Repelita Jakarta – Komisi Pemberantasan Korupsi (KPK) kini menghadapi tantangan besar dalam menindaklanjuti dugaan tindak pidana korupsi yang melibatkan direksi dan komisaris Badan Usaha Milik Negara (BUMN).
Hal ini menyusul disahkannya Undang-Undang Nomor 1 Tahun 2025 tentang BUMN yang mengubah status hukum para pengurus BUMN tersebut.
Pasal 9G dalam UU BUMN yang baru menyatakan bahwa anggota direksi, dewan komisaris, dan dewan pengawas BUMN bukan merupakan penyelenggara negara.
Aturan ini berdampak langsung pada kewenangan KPK, yang selama ini memiliki kewenangan untuk menangani kasus korupsi yang melibatkan penyelenggara negara.
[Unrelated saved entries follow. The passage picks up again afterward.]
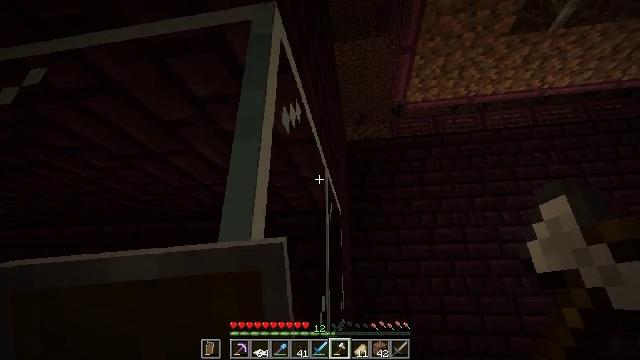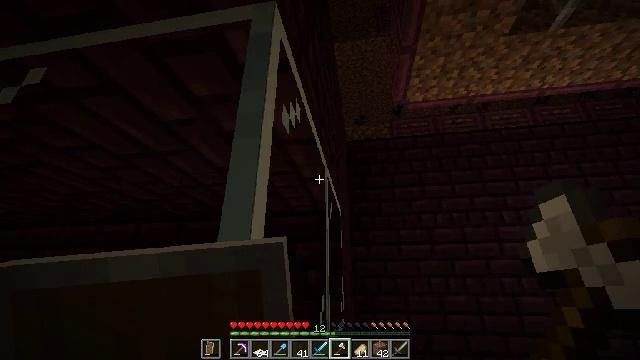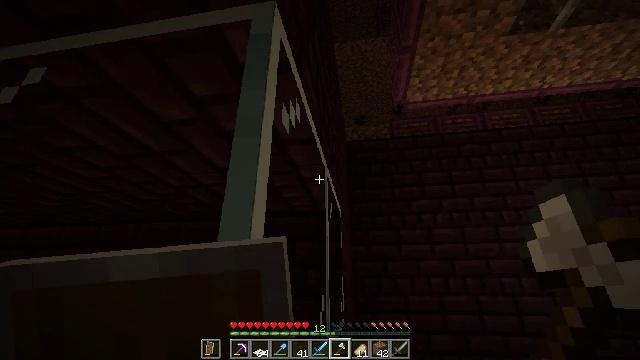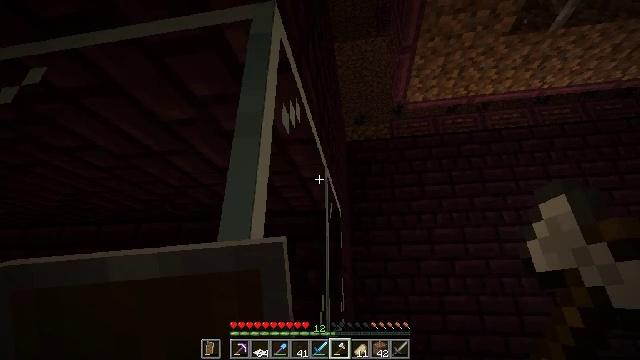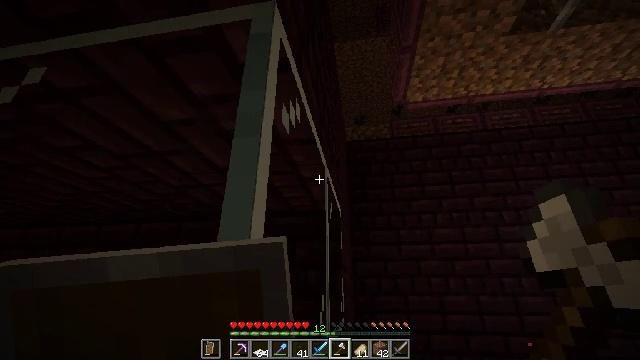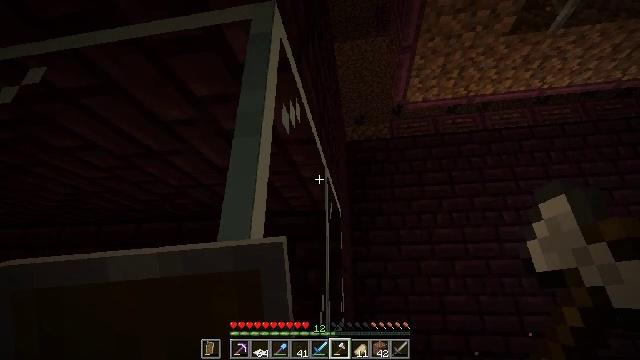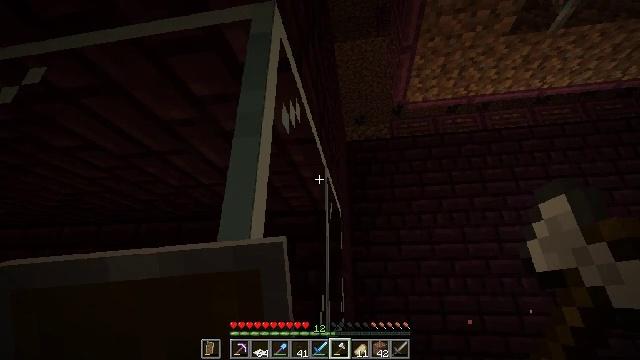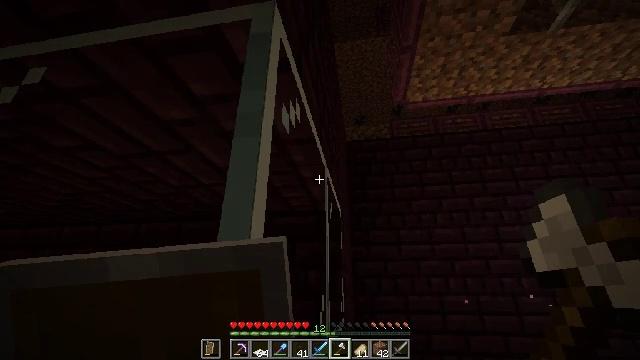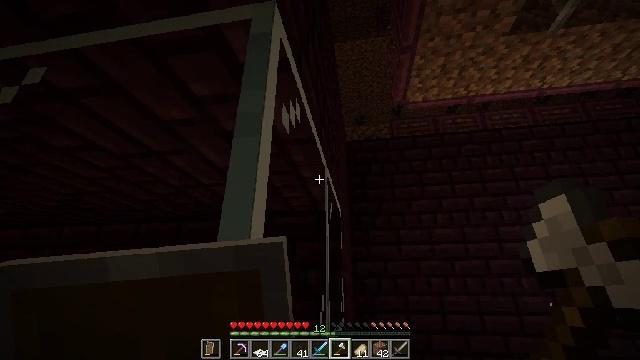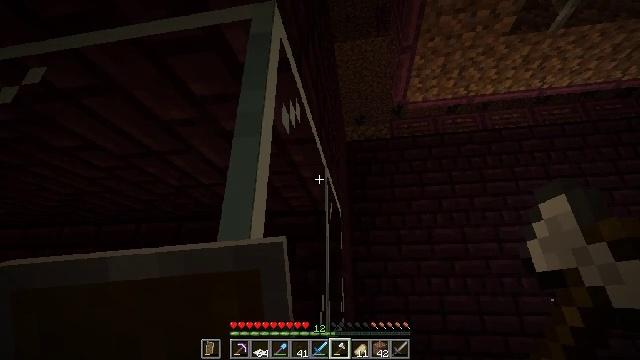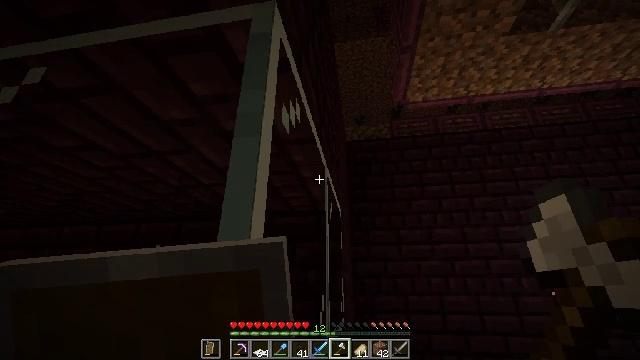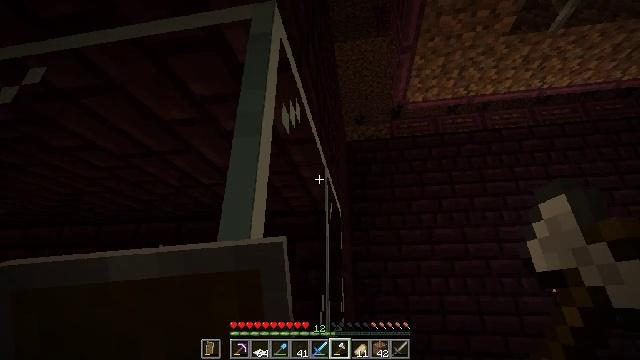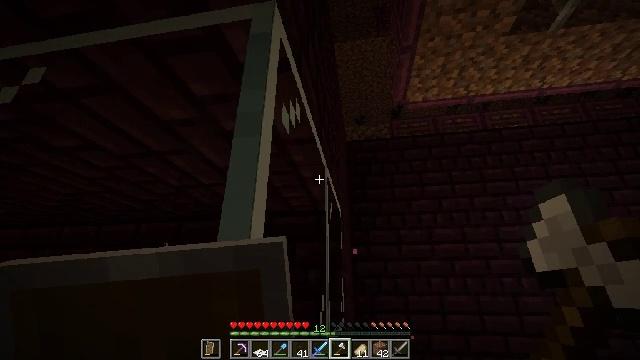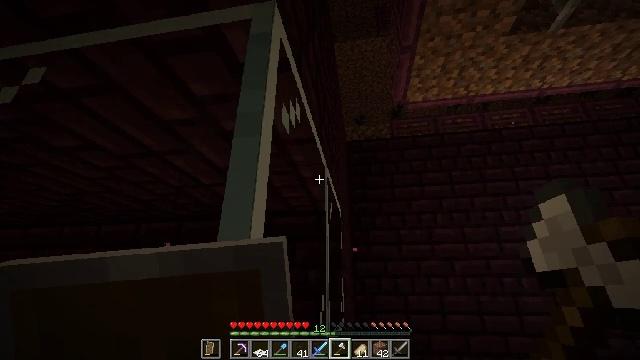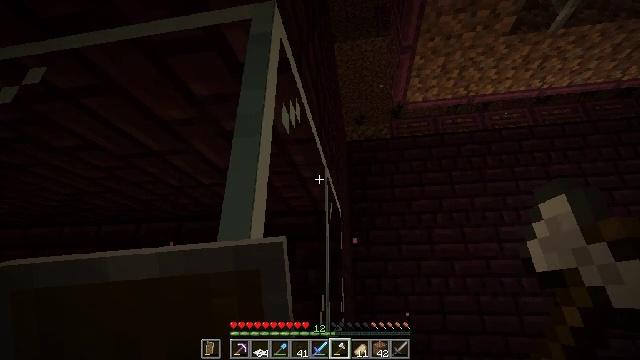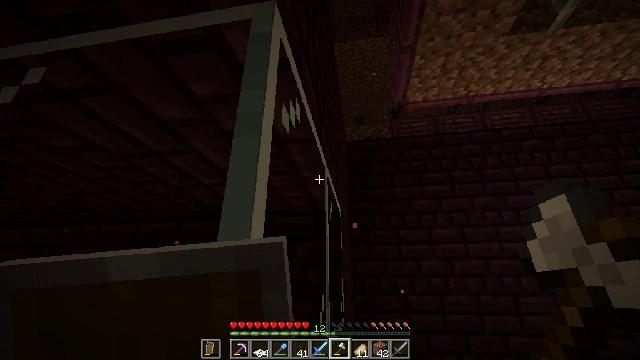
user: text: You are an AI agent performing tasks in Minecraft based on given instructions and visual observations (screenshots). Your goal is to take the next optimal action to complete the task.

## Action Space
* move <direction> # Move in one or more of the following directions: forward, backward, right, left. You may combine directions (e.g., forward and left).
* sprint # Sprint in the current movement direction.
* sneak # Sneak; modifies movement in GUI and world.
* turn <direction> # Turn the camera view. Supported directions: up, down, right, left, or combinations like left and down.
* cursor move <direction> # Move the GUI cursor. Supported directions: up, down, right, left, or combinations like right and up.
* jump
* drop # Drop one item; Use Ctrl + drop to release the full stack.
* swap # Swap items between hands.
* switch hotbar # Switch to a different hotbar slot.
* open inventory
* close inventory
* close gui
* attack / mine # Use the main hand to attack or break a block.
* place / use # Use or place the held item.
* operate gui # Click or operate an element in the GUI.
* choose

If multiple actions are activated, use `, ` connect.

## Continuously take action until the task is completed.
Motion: motion action
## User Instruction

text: Remove the nether brick slab from its place.
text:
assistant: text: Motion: sneak
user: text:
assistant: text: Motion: sneak
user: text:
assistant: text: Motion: sneak
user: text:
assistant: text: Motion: sneak
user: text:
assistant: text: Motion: sneak
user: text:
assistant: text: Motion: sneak
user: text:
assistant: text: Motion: sneak
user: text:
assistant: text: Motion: sneak
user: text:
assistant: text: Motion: sneak
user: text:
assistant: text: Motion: sneak
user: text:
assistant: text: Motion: sneak
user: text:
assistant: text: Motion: sneak
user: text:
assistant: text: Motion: sneak
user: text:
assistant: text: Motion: sneak
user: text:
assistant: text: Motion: sneak
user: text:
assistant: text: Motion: sneak
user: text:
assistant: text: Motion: sneak
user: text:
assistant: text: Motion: sneak
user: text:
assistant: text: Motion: sneak
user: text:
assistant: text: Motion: sneak
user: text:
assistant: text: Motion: sneak
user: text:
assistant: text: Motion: sneak
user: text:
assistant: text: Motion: sneak
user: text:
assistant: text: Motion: sneak
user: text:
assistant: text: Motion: sneak
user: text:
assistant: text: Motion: sneak
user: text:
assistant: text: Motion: sneak
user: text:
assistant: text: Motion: sneak
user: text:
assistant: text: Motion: sneak
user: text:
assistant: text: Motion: sneak

Dengan perubahan status tersebut, KPK tidak lagi memiliki dasar hukum untuk menindaklanjuti kasus korupsi yang melibatkan direksi dan komisaris BUMN.
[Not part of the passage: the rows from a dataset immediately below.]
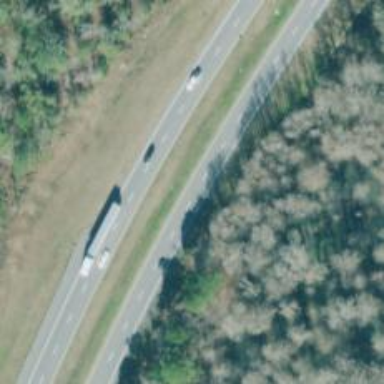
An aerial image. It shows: Trunk expressway with asphalt surface. It is dual carriageway.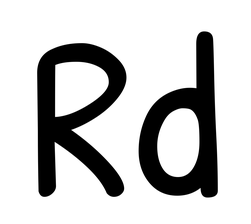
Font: PatrickHand-Regular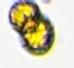
Label: Margalefidinium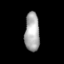
Tissue: skin
Cell type: Epithelial cells
Senescence score: 0.2271
Nuclear area (px): 564
Mean DAPI intensity: 169.222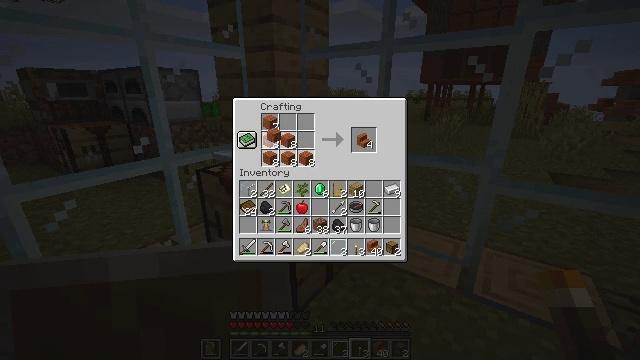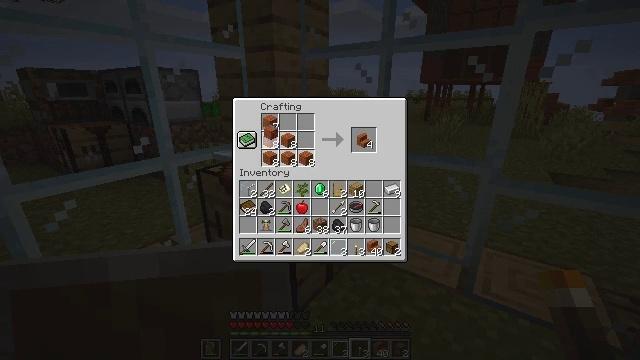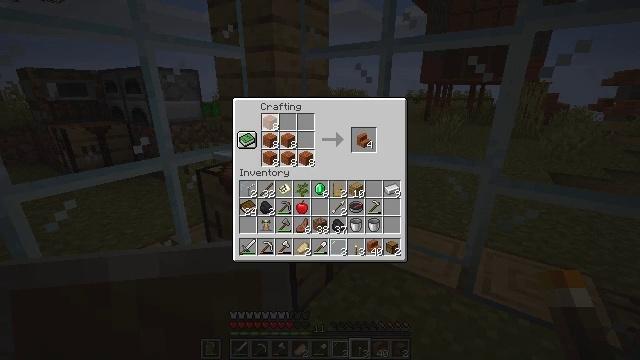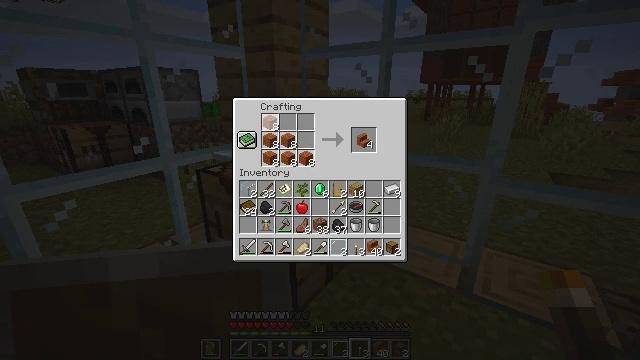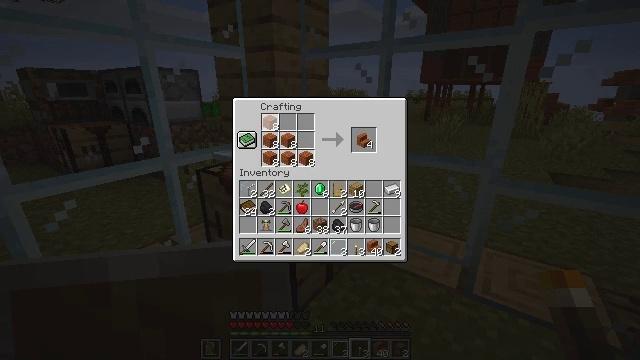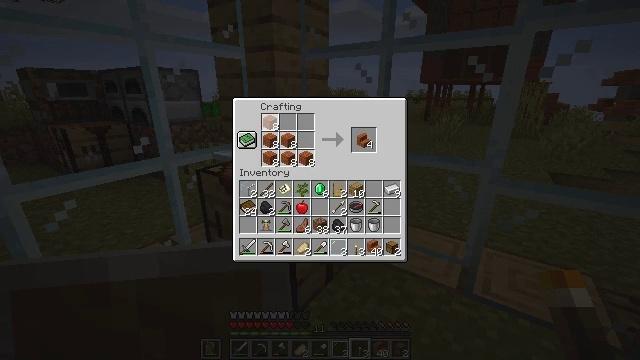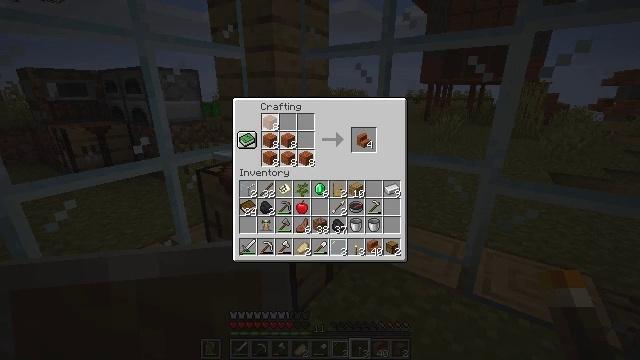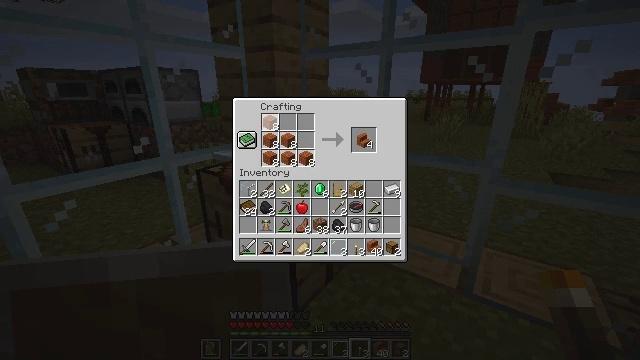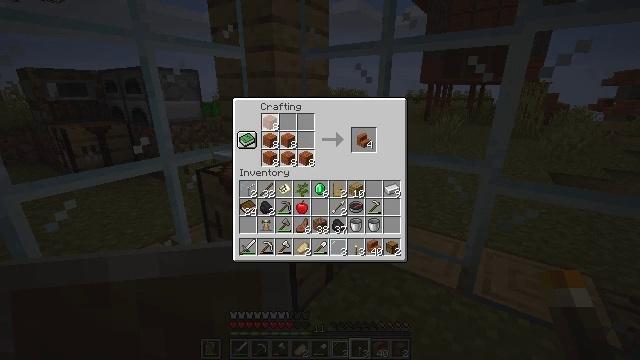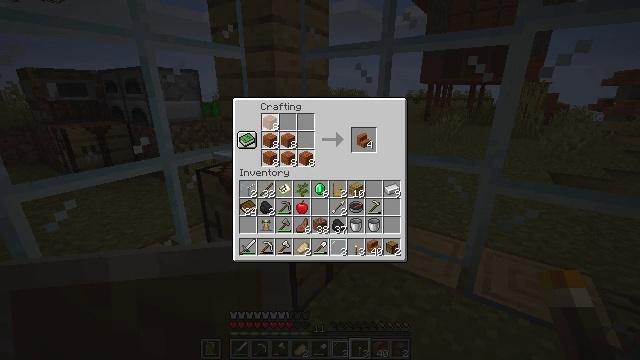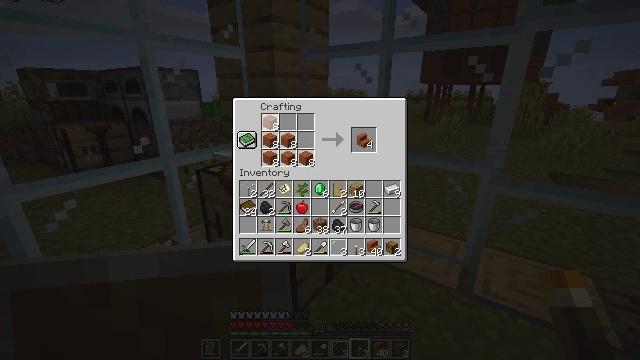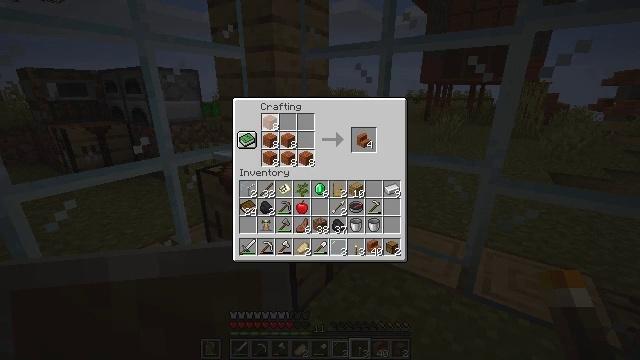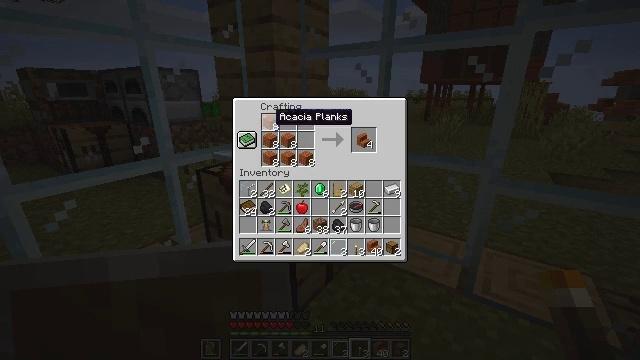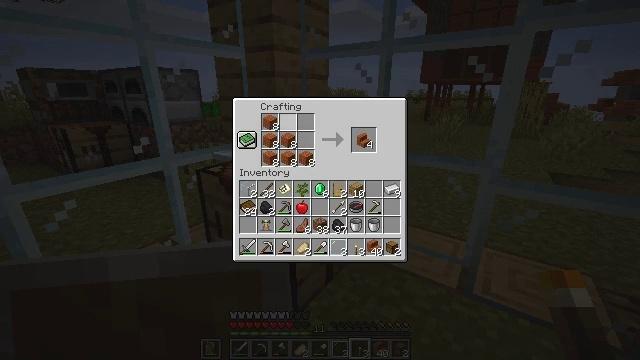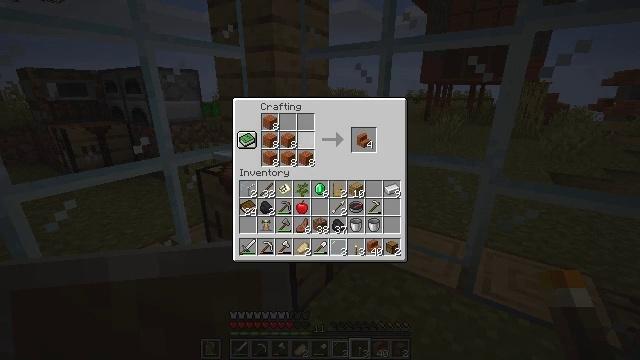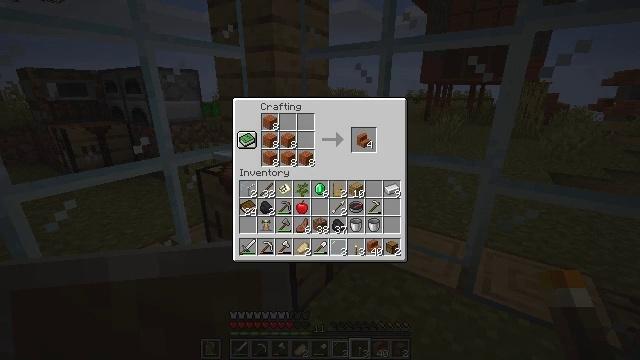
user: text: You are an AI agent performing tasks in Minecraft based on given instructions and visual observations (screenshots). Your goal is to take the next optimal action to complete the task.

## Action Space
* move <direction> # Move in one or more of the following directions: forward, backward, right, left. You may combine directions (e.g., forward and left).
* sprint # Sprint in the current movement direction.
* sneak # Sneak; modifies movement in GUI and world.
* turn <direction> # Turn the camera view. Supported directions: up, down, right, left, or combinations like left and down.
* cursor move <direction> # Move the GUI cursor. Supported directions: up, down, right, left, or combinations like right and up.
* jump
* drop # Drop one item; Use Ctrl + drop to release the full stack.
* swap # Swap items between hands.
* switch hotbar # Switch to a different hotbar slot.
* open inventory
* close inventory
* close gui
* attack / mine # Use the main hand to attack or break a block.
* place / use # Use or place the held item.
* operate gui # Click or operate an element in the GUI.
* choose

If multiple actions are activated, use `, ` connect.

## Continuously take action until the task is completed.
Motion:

Juru Bicara KPK, Tessa Mahardhika Sugiarto, mengungkapkan bahwa pihaknya akan melakukan kajian mendalam terkait dampak dari perubahan status hukum ini terhadap penegakan hukum di Indonesia.
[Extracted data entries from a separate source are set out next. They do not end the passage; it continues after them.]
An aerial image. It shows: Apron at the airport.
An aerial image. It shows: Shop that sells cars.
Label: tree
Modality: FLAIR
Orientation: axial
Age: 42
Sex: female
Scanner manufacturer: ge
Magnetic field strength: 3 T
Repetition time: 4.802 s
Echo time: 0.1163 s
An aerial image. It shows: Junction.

Kajian ini melibatkan Biro Hukum dan Kedeputian Penindakan KPK untuk menilai sejauh mana perubahan ini mempengaruhi kewenangan dan tugas pokok KPK dalam memberantas korupsi di sektor BUMN.
Sebelumnya, Menteri BUMN, Erick Thohir, telah melakukan pertemuan dengan pimpinan KPK pada 29 April 2025 untuk membahas sinkronisasi antara UU BUMN yang baru dengan kewenangan KPK.
Dalam pertemuan tersebut, Erick menekankan pentingnya koordinasi antara kedua lembaga untuk memastikan bahwa meskipun status hukum direksi dan komisaris BUMN berubah, upaya pemberantasan korupsi tetap berjalan efektif.
Namun, perubahan status ini menimbulkan pertanyaan besar mengenai efektivitas pengawasan dan penegakan hukum di sektor BUMN.
Pasalnya, meskipun kerugian yang dialami oleh BUMN tidak lagi dikategorikan sebagai kerugian negara, hal ini tidak serta merta menghapuskan potensi tindak pidana korupsi yang dapat merugikan keuangan negara.
Beberapa pihak berpendapat bahwa perubahan ini dapat membuka celah bagi praktik korupsi yang lebih sulit untuk ditindaklanjuti secara hukum.
Di sisi lain, mantan Dewan Pengawas KPK, Albertina Ho, menilai bahwa meskipun kerugian BUMN tidak lagi dianggap sebagai kerugian negara, masih terdapat celah hukum yang memungkinkan direksi dan komisaris BUMN untuk dijerat dengan UU Tindak Pidana Korupsi (UU Tipikor).
Menurutnya, hal ini bergantung pada apakah terdapat unsur-unsur tertentu yang memenuhi kriteria dalam UU Tipikor, seperti adanya niat jahat atau penyalahgunaan wewenang yang merugikan negara.
Dengan demikian, meskipun UU BUMN yang baru memberikan perubahan signifikan dalam status hukum direksi dan komisaris BUMN, tantangan dalam pemberantasan korupsi di sektor BUMN tetap ada.
Perlunya kajian lebih lanjut dan koordinasi antara KPK, Kementerian BUMN, serta lembaga terkait lainnya menjadi kunci untuk memastikan bahwa upaya pemberantasan korupsi tetap berjalan efektif dan tidak terhambat oleh perubahan regulasi.